**Exercise requirements**: Scan the data below and work out how many of its lines contain the word "xmlns". Give only that number.
[[ Exercise inputs, beginning ]]
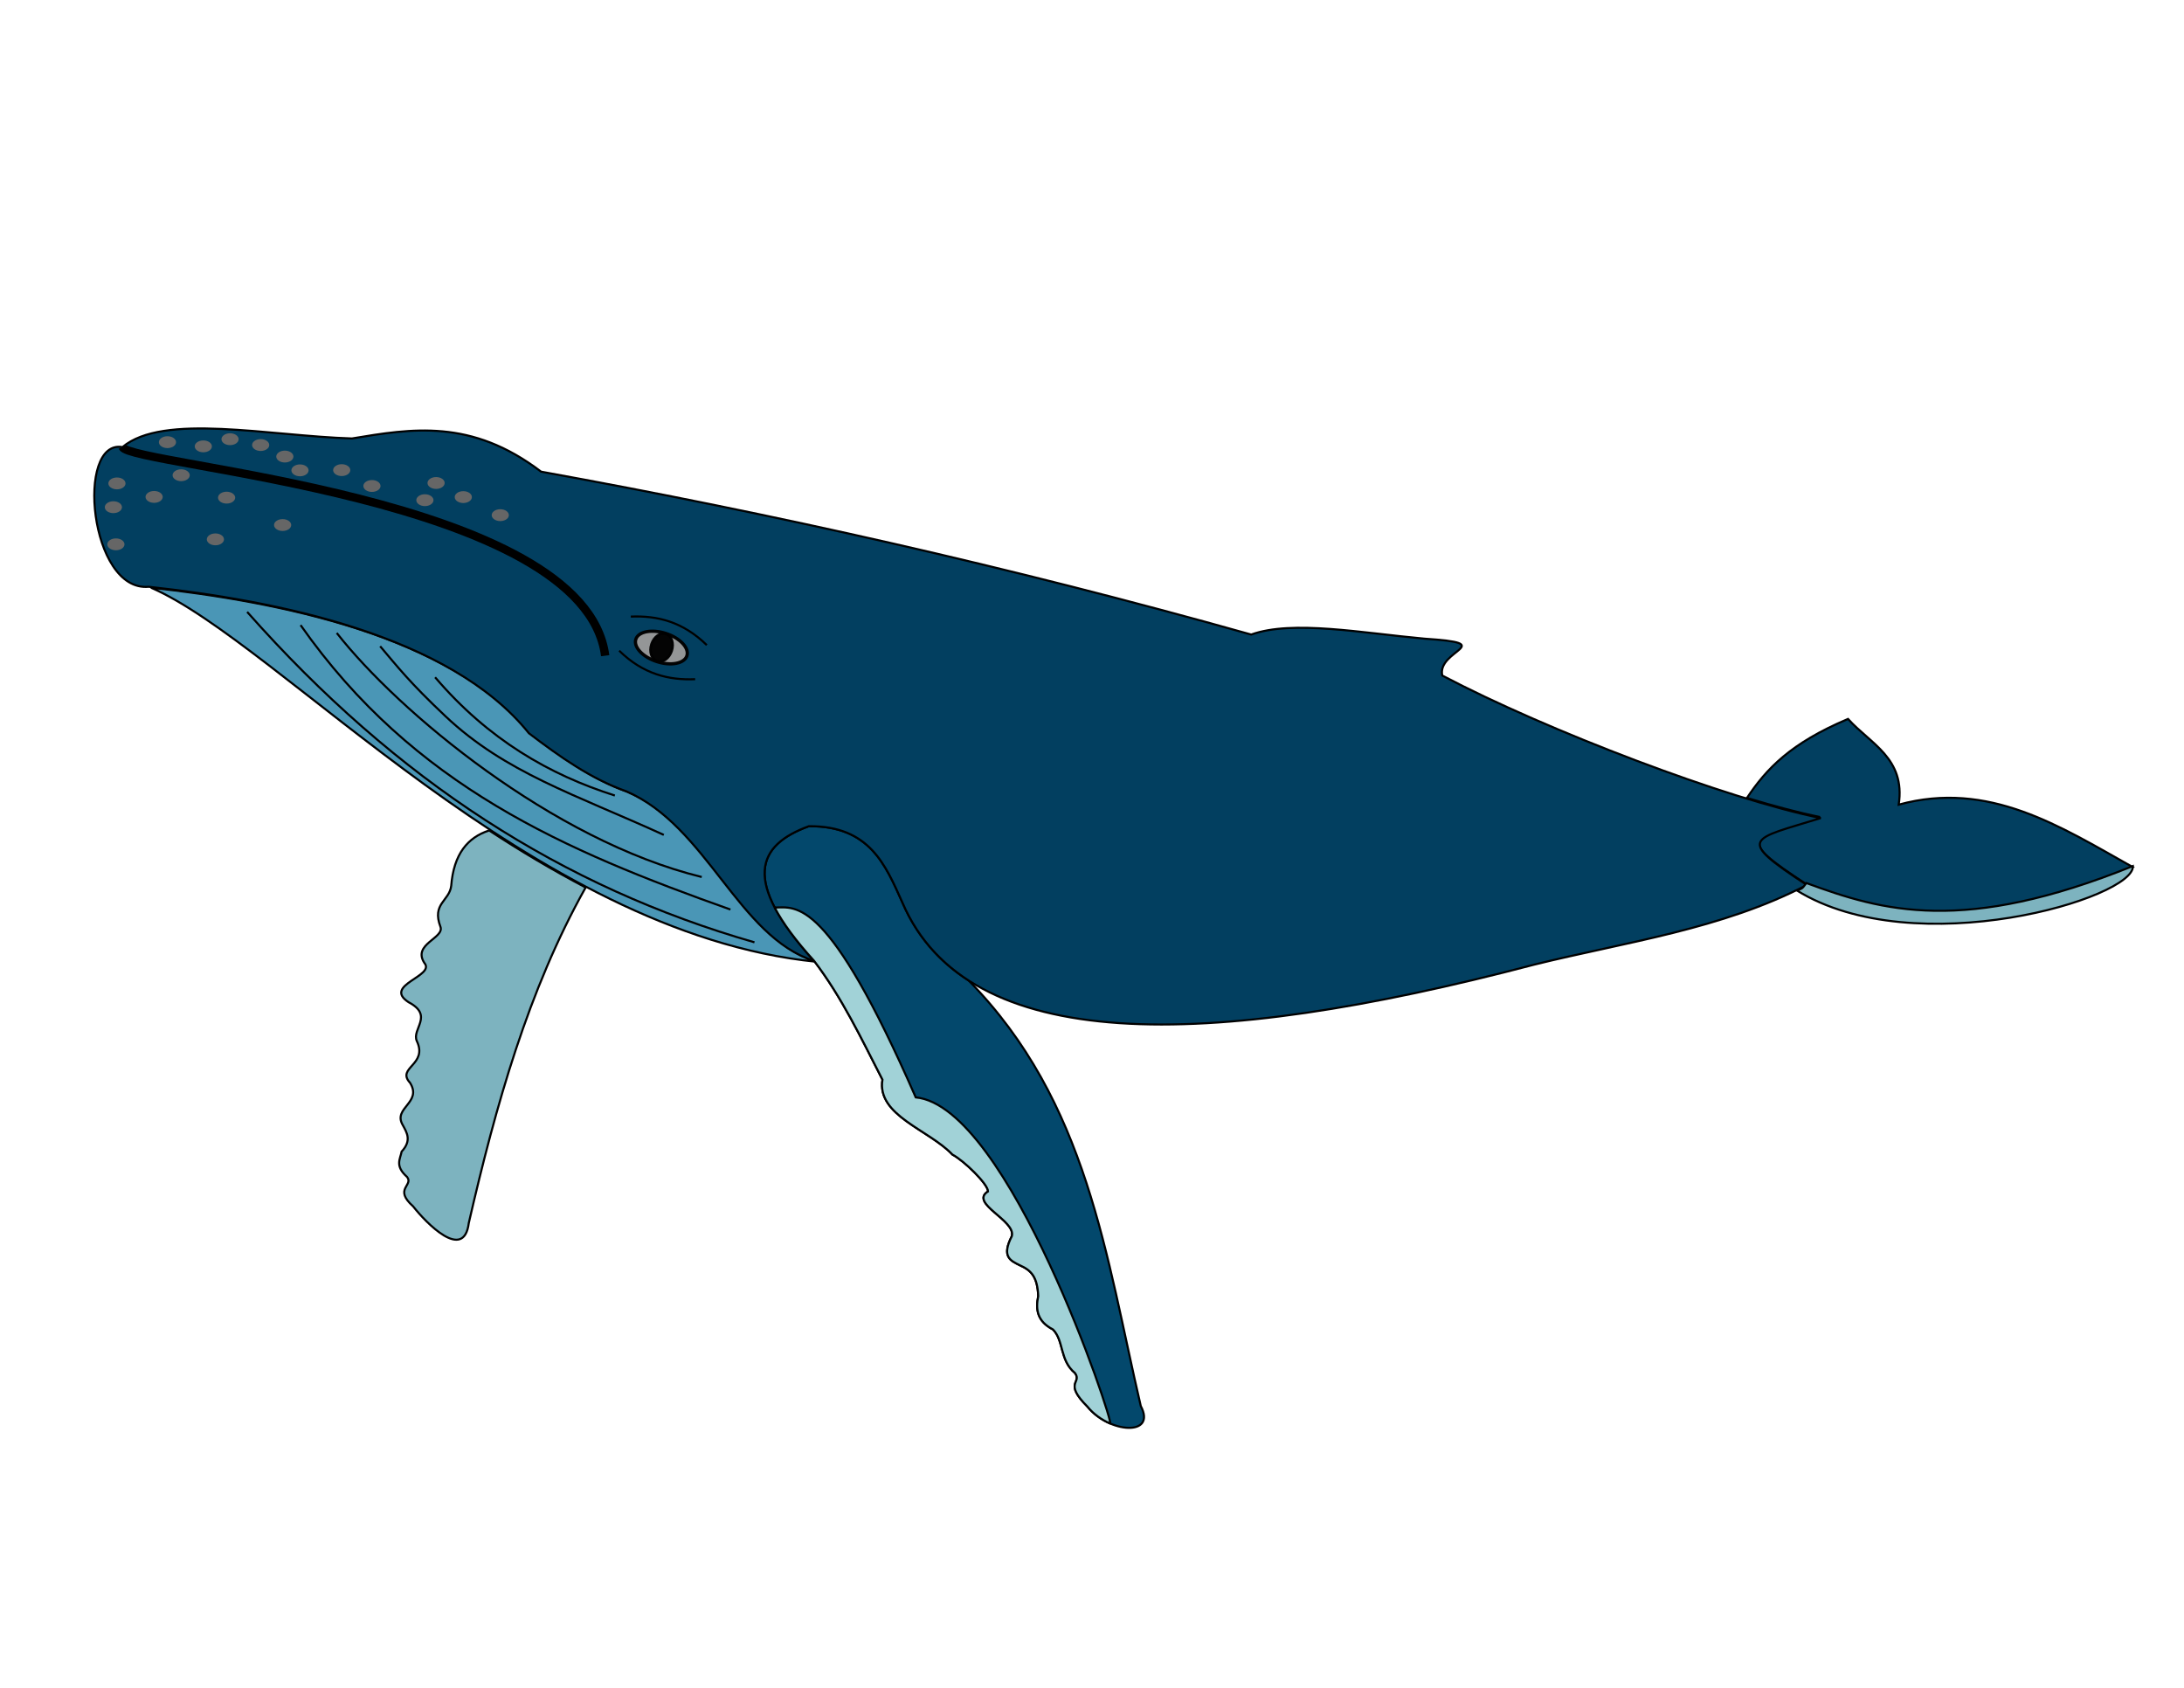 <?xml version="1.0" encoding="UTF-8" standalone="no"?>
<svg
   xmlns:dc="http://purl.org/dc/elements/1.1/"
   xmlns:cc="http://creativecommons.org/ns#"
   xmlns:rdf="http://www.w3.org/1999/02/22-rdf-syntax-ns#"
   xmlns:svg="http://www.w3.org/2000/svg"
   xmlns="http://www.w3.org/2000/svg"
   xmlns:xlink="http://www.w3.org/1999/xlink"
   xmlns:sodipodi="http://sodipodi.sourceforge.net/DTD/sodipodi-0.dtd"
   xmlns:inkscape="http://www.inkscape.org/namespaces/inkscape"
   width="11in"
   height="8.5in"
   viewBox="0 0 279.4 215.9"
   version="1.1"
   id="svg8"
   sodipodi:docname="whale1.svg"
   inkscape:version="1.0.1 (3bc2e813f5, 2020-09-07)">
  <defs
     id="defs2">
    <linearGradient
       inkscape:collect="always"
       id="linearGradient1007">
      <stop
         style="stop-color:#666666;stop-opacity:1;"
         offset="0"
         id="stop1003" />
      <stop
         style="stop-color:#666666;stop-opacity:0;"
         offset="1"
         id="stop1005" />
    </linearGradient>
    <radialGradient
       inkscape:collect="always"
       xlink:href="#linearGradient1007"
       id="radialGradient1009"
       cx="175.055"
       cy="48.634"
       fx="175.055"
       fy="48.634"
       r="21.163"
       gradientTransform="matrix(1.19,0,0,0.429,-54.469,37.078)"
       gradientUnits="userSpaceOnUse" />
  </defs>
  <sodipodi:namedview
     id="base"
     pagecolor="#ffffff"
     bordercolor="#666666"
     borderopacity="1.0"
     inkscape:pageopacity="0.0"
     inkscape:pageshadow="2"
     inkscape:zoom="0.50383782"
     inkscape:cx="582.09898"
     inkscape:cy="414.70882"
     inkscape:document-units="mm"
     inkscape:current-layer="g1050"
     inkscape:document-rotation="0"
     showgrid="false"
     units="in"
     inkscape:window-width="1022"
     inkscape:window-height="545"
     inkscape:window-x="0"
     inkscape:window-y="0"
     inkscape:window-maximized="0"
     objecttolerance="1"
     gridtolerance="1"
     guidetolerance="1" />
  <g
     inkscape:label="Layer 1"
     inkscape:groupmode="layer"
     id="layer1">
    <g
       id="g1050"
       transform="translate(-8.996,4.966)"
       style="opacity:1">
      <path
         style="opacity:1;fill:#023f60;fill-opacity:1;stroke:#000000;stroke-width:0.265px;stroke-linecap:butt;stroke-linejoin:miter;stroke-opacity:1"
         d="m 232.485,97.096 c 3.502,1.066 6.689,1.911 9.34,2.446 -8.946,2.773 -11.05,2.507 -1.783,8.56 9.757,3.604 20.112,6.588 41.771,-2.171 -9.302,-5.221 -18.43,-11.112 -29.914,-7.971 0.906,-5.947 -3.659,-7.806 -6.484,-10.965 -7.366,3.113 -10.429,6.373 -12.931,10.101 z"
         id="path76"
         sodipodi:nodetypes="ccccccc" />
      <path
         style="opacity:1;fill:#4a96b6;fill-opacity:1;stroke:#000000;stroke-width:0.265px;stroke-linecap:butt;stroke-linejoin:miter;stroke-opacity:1"
         d="M 113.413,118.058 C 103.693,114.974 99.723,100.819 89.354,96.354 84.812,94.746 80.837,91.916 76.927,88.944 66.747,76.286 44.4,71.976 28.303,70.204 44.731,77.282 76.957,114.387 113.413,118.058 Z"
         id="path76-3"
         sodipodi:nodetypes="ccccc" />
      <path
         style="opacity:1;fill:#7db3bf;fill-opacity:1;stroke:#000000;stroke-width:0.265px;stroke-linecap:butt;stroke-linejoin:miter;stroke-opacity:1"
         d="m 71.575,101.261 c 3.992,2.628 8.077,5.047 12.342,7.296 -7.363,13.147 -11.481,27.87 -14.947,42.91 -0.618,5 -5.48,-0.017 -7.126,-2.123 -2.536,-2.262 0.09,-2.649 -0.771,-3.76 -1.585,-1.411 -0.886,-2.266 -0.695,-3.245 1.313,-1.421 0.68,-2.415 0.123,-3.426 -1.25,-2.184 2.54,-2.816 0.952,-5.371 -1.803,-1.957 2.32,-2.277 0.868,-5.339 -0.694,-1.534 2.223,-3.256 -1.064,-4.976 -3.344,-2.192 3.475,-3.322 2.034,-5.01 -1.585,-2.419 2.589,-3.175 2.05,-4.635 -1.129,-2.973 1.14,-3.279 1.379,-5.241 0.316,-4.066 2.11,-6.195 4.856,-7.079 z"
         id="path76-3-3"
         sodipodi:nodetypes="cccccccccccccc" />
      <path
         style="opacity:1;fill:#03486c;fill-opacity:1;stroke:#000000;stroke-width:0.265px;stroke-linecap:butt;stroke-linejoin:miter;stroke-opacity:1"
         d="m 132.925,120.463 c -3.791,-2.44 -6.647,-5.723 -8.464,-9.942 -2.18,-4.867 -4.217,-9.862 -11.983,-9.804 -6.604,2.404 -8.695,6.924 0.67,17.228 3.573,4.683 6.073,9.987 8.743,15.193 -0.751,4.579 5.941,6.398 8.952,9.582 1.467,0.768 4.567,3.781 4.551,4.715 -2.429,1.525 3.578,3.689 3.05,5.715 -1.349,2.629 -0.202,3.124 1.017,3.729 1.482,0.653 2.254,1.499 2.357,3.937 -0.357,1.741 -0.129,3.238 1.895,4.282 1.405,1.44 0.834,3.933 2.805,5.566 0.953,1.29 -1.52,1.181 1.59,4.29 2.771,3.442 8.894,3.843 6.828,-0.072 -4.451,-19.109 -6.778,-38.929 -22.012,-54.419 z"
         id="path76-7"
         sodipodi:nodetypes="ccccccccccccccc" />
      <path
         style="opacity:1;fill:#023f60;fill-opacity:1;stroke:#000000;stroke-width:0.265px;stroke-linecap:butt;stroke-linejoin:miter;stroke-opacity:1"
         d="m 24.666,52.221 c 5.203,-4.397 18.79,-1.42 29.352,-1.102 7.626,-1.263 15.245,-2.573 24.2,4.247 29.643,5.373 59.848,12.128 90.845,20.836 5.29,-1.9 14.235,-0.186 22.166,0.527 9.663,0.637 1.561,1.429 2.276,4.716 13.378,7.035 36.41,15.805 48.424,18.232 -8.946,2.773 -11.05,2.507 -1.783,8.56 -10.856,5.657 -23.096,7.278 -34.892,10.192 -42.152,11.093 -72.44,11.485 -80.794,-7.908 -2.18,-4.867 -4.217,-9.862 -11.983,-9.804 -6.604,2.404 -8.695,6.924 0.67,17.228 -9.72,-3.083 -13.69,-17.239 -24.059,-21.704 -4.542,-1.608 -8.517,-4.438 -12.427,-7.41 -10.18,-12.658 -32.527,-16.968 -48.625,-18.74 -7.601,0.71 -9.399,-18.911 -3.371,-17.87 z"
         id="path76-5"
         sodipodi:nodetypes="cccccccccccccccc" />
      <path
         style="opacity:1;fill:#a1d2d7;fill-opacity:1;stroke:#000000;stroke-width:0.265px;stroke-linecap:butt;stroke-linejoin:miter;stroke-opacity:1"
         d="m 108.1,111.123 c 1.013,1.938 2.657,4.191 5.048,6.822 3.573,4.683 6.073,9.987 8.743,15.193 -0.751,4.579 5.941,6.398 8.952,9.582 1.467,0.768 4.567,3.781 4.551,4.715 -2.429,1.525 3.578,3.689 3.05,5.715 -1.349,2.629 -0.202,3.124 1.017,3.729 1.482,0.653 2.254,1.499 2.357,3.937 -0.357,1.741 -0.129,3.238 1.895,4.282 1.405,1.44 0.834,3.933 2.805,5.566 0.953,1.29 -1.52,1.181 1.59,4.29 0.787,0.977 1.844,1.71 2.908,2.167 0.561,0.12 -12.942,-40.568 -24.872,-41.718 -11.224,-25.661 -15.235,-24.328 -18.046,-24.281 z"
         id="path76-7-3"
         sodipodi:nodetypes="cccccccccccccc" />
      <path
         style="opacity:1;fill:none;stroke:#000000;stroke-width:1.065;stroke-linecap:butt;stroke-linejoin:miter;stroke-miterlimit:4;stroke-dasharray:none;stroke-opacity:1"
         d="m 24.666,52.221 c 1.056,2.436 59.109,6.284 61.749,26.684"
         id="path22"
         sodipodi:nodetypes="cc" />
      <g
         id="g918"
         transform="translate(1.587)"
         style="opacity:1">
        <ellipse
           style="opacity:0.97;fill:#999999;stroke:#000000;stroke-width:0.418;stroke-miterlimit:4;stroke-dasharray:none;stroke-opacity:1"
           id="path70"
           cx="111.549"
           cy="45.678"
           rx="3.433"
           ry="1.892"
           transform="rotate(17.968)"
           inkscape:transform-center-x="-0.10873445"
           inkscape:transform-center-y="-0.094863445" />
        <ellipse
           style="opacity:0.97;fill:#000000;stroke:#000000;stroke-width:0.327;stroke-miterlimit:4;stroke-dasharray:none;stroke-opacity:1"
           id="path895"
           cx="111.791"
           cy="45.142"
           rx="1.364"
           ry="1.833"
           transform="rotate(18.24)" />
        <path
           style="fill:none;stroke:#000000;stroke-width:0.265px;stroke-linecap:butt;stroke-linejoin:miter;stroke-opacity:1"
           d="m 88.107,73.906 c 3.369,-0.145 6.65,0.639 9.72,3.646"
           id="path897"
           sodipodi:nodetypes="cc" />
        <path
           style="fill:none;stroke:#000000;stroke-width:0.265px;stroke-linecap:butt;stroke-linejoin:miter;stroke-opacity:1"
           d="m 96.34,81.913 c -3.369,0.145 -6.65,-0.639 -9.72,-3.646"
           id="path897-3"
           sodipodi:nodetypes="cc" />
      </g>
      <path
         style="opacity:1;fill:#7db3bf;fill-opacity:1;stroke:#000000;stroke-width:0.265px;stroke-linecap:butt;stroke-linejoin:miter;stroke-opacity:1"
         d="m 240.085,107.987 c 9.757,3.604 20.112,6.588 41.771,-2.171 0.295,4.068 -27.795,12.497 -42.993,3.12 0.73,-0.278 0.649,-0.173 1.222,-0.949 z"
         id="path76-36"
         sodipodi:nodetypes="cccc" />
      <ellipse
         style="opacity:1;fill:#666666;stroke:none;stroke-width:0.442"
         id="path866"
         cx="30.42"
         cy="51.594"
         rx="1.098"
         ry="0.759" />
      <ellipse
         style="opacity:1;fill:#666666;stroke:none;stroke-width:0.442"
         id="path866-7"
         cx="35.007"
         cy="52.13"
         rx="1.098"
         ry="0.759" />
      <ellipse
         style="opacity:1;fill:#666666;stroke:none;stroke-width:0.442"
         id="path866-5"
         cx="38.426"
         cy="51.215"
         rx="1.098"
         ry="0.759" />
      <ellipse
         style="opacity:1;fill:#666666;stroke:none;stroke-width:0.442"
         id="path866-3"
         cx="42.343"
         cy="51.961"
         rx="1.098"
         ry="0.759" />
      <ellipse
         style="opacity:1;fill:#666666;stroke:none;stroke-width:0.442"
         id="path866-56"
         cx="45.436"
         cy="53.435"
         rx="1.098"
         ry="0.759" />
      <ellipse
         style="opacity:1;fill:#666666;stroke:none;stroke-width:0.442"
         id="path866-2"
         cx="47.374"
         cy="55.198"
         rx="1.098"
         ry="0.759" />
      <ellipse
         style="opacity:1;fill:#666666;stroke:none;stroke-width:0.442"
         id="path866-9"
         cx="52.712"
         cy="55.17"
         rx="1.098"
         ry="0.759" />
      <ellipse
         style="opacity:1;fill:#666666;stroke:none;stroke-width:0.442"
         id="path866-1"
         cx="56.579"
         cy="57.198"
         rx="1.098"
         ry="0.759" />
      <ellipse
         style="opacity:1;fill:#666666;stroke:none;stroke-width:0.442"
         id="path866-27"
         cx="63.353"
         cy="59.014"
         rx="1.098"
         ry="0.759" />
      <ellipse
         style="opacity:1;fill:#666666;stroke:none;stroke-width:0.442"
         id="path866-0"
         cx="64.784"
         cy="56.816"
         rx="1.098"
         ry="0.759" />
      <ellipse
         style="opacity:1;fill:#666666;stroke:none;stroke-width:0.442"
         id="path866-93"
         cx="68.266"
         cy="58.619"
         rx="1.098"
         ry="0.759"
         inkscape:transform-center-x="-0.17096691"
         inkscape:transform-center-y="-0.050390887" />
      <ellipse
         style="opacity:1;fill:#666666;stroke:none;stroke-width:0.442"
         id="path866-6"
         cx="72.997"
         cy="60.929"
         rx="1.098"
         ry="0.759" />
      <ellipse
         style="opacity:1;fill:#666666;stroke:none;stroke-width:0.442"
         id="path866-06"
         cx="23.957"
         cy="56.87"
         rx="1.098"
         ry="0.759" />
      <ellipse
         style="opacity:1;fill:#666666;stroke:none;stroke-width:0.442"
         id="path866-26"
         cx="23.501"
         cy="59.912"
         rx="1.098"
         ry="0.759" />
      <ellipse
         style="opacity:1;fill:#666666;stroke:none;stroke-width:0.442"
         id="path866-18"
         cx="23.823"
         cy="64.663"
         rx="1.098"
         ry="0.759" />
      <ellipse
         style="opacity:1;fill:#666666;stroke:none;stroke-width:0.442"
         id="path866-79"
         cx="28.714"
         cy="58.597"
         rx="1.098"
         ry="0.759" />
      <ellipse
         style="opacity:1;fill:#666666;stroke:none;stroke-width:0.442"
         id="path866-20"
         cx="32.172"
         cy="55.823"
         rx="1.098"
         ry="0.759" />
      <ellipse
         style="opacity:1;fill:#666666;stroke:none;stroke-width:0.442"
         id="path866-23"
         cx="37.985"
         cy="58.69"
         rx="1.098"
         ry="0.759" />
      <ellipse
         style="opacity:1;fill:#666666;stroke:none;stroke-width:0.442"
         id="path866-75"
         cx="36.552"
         cy="64.026"
         rx="1.098"
         ry="0.759" />
      <ellipse
         style="opacity:1;fill:#666666;stroke:none;stroke-width:0.442"
         id="path866-92"
         cx="45.152"
         cy="62.194"
         rx="1.098"
         ry="0.759" />
      <path
         style="opacity:1;fill:none;stroke:#000000;stroke-width:0.265px;stroke-linecap:butt;stroke-linejoin:miter;stroke-opacity:1"
         d="m 64.66,81.669 c 6.825,7.99 14.648,12.475 22.994,15.125"
         id="path991"
         sodipodi:nodetypes="cc" />
      <path
         style="opacity:1;fill:none;stroke:#000000;stroke-width:0.265px;stroke-linecap:butt;stroke-linejoin:miter;stroke-opacity:1"
         d="m 57.63,77.701 c 2.223,2.616 3.701,4.563 8.363,8.959 7.655,7.218 16.534,9.974 27.923,15.17"
         id="path993"
         sodipodi:nodetypes="csc" />
      <path
         style="opacity:1;fill:none;stroke:#000000;stroke-width:0.265px;stroke-linecap:butt;stroke-linejoin:miter;stroke-opacity:1"
         d="m 52.076,76.001 c 7.899,10.085 27.609,26.541 46.696,31.215"
         id="path995"
         sodipodi:nodetypes="cc" />
      <path
         style="opacity:1;fill:none;stroke:#000000;stroke-width:0.265px;stroke-linecap:butt;stroke-linejoin:miter;stroke-opacity:1"
         d="M 47.45,74.995 C 61.923,95.622 81.326,103.874 102.441,111.377"
         id="path997"
         sodipodi:nodetypes="cc" />
      <path
         style="opacity:1;fill:none;stroke:#000000;stroke-width:0.265px;stroke-linecap:butt;stroke-linejoin:miter;stroke-opacity:1"
         d="m 40.615,73.307 c 19.183,21.663 40.396,35.232 64.9,42.264"
         id="path999"
         sodipodi:nodetypes="cc" />
    </g>
  </g>
</svg>
[[ Exercise inputs, end ]]
**Answer box**: 8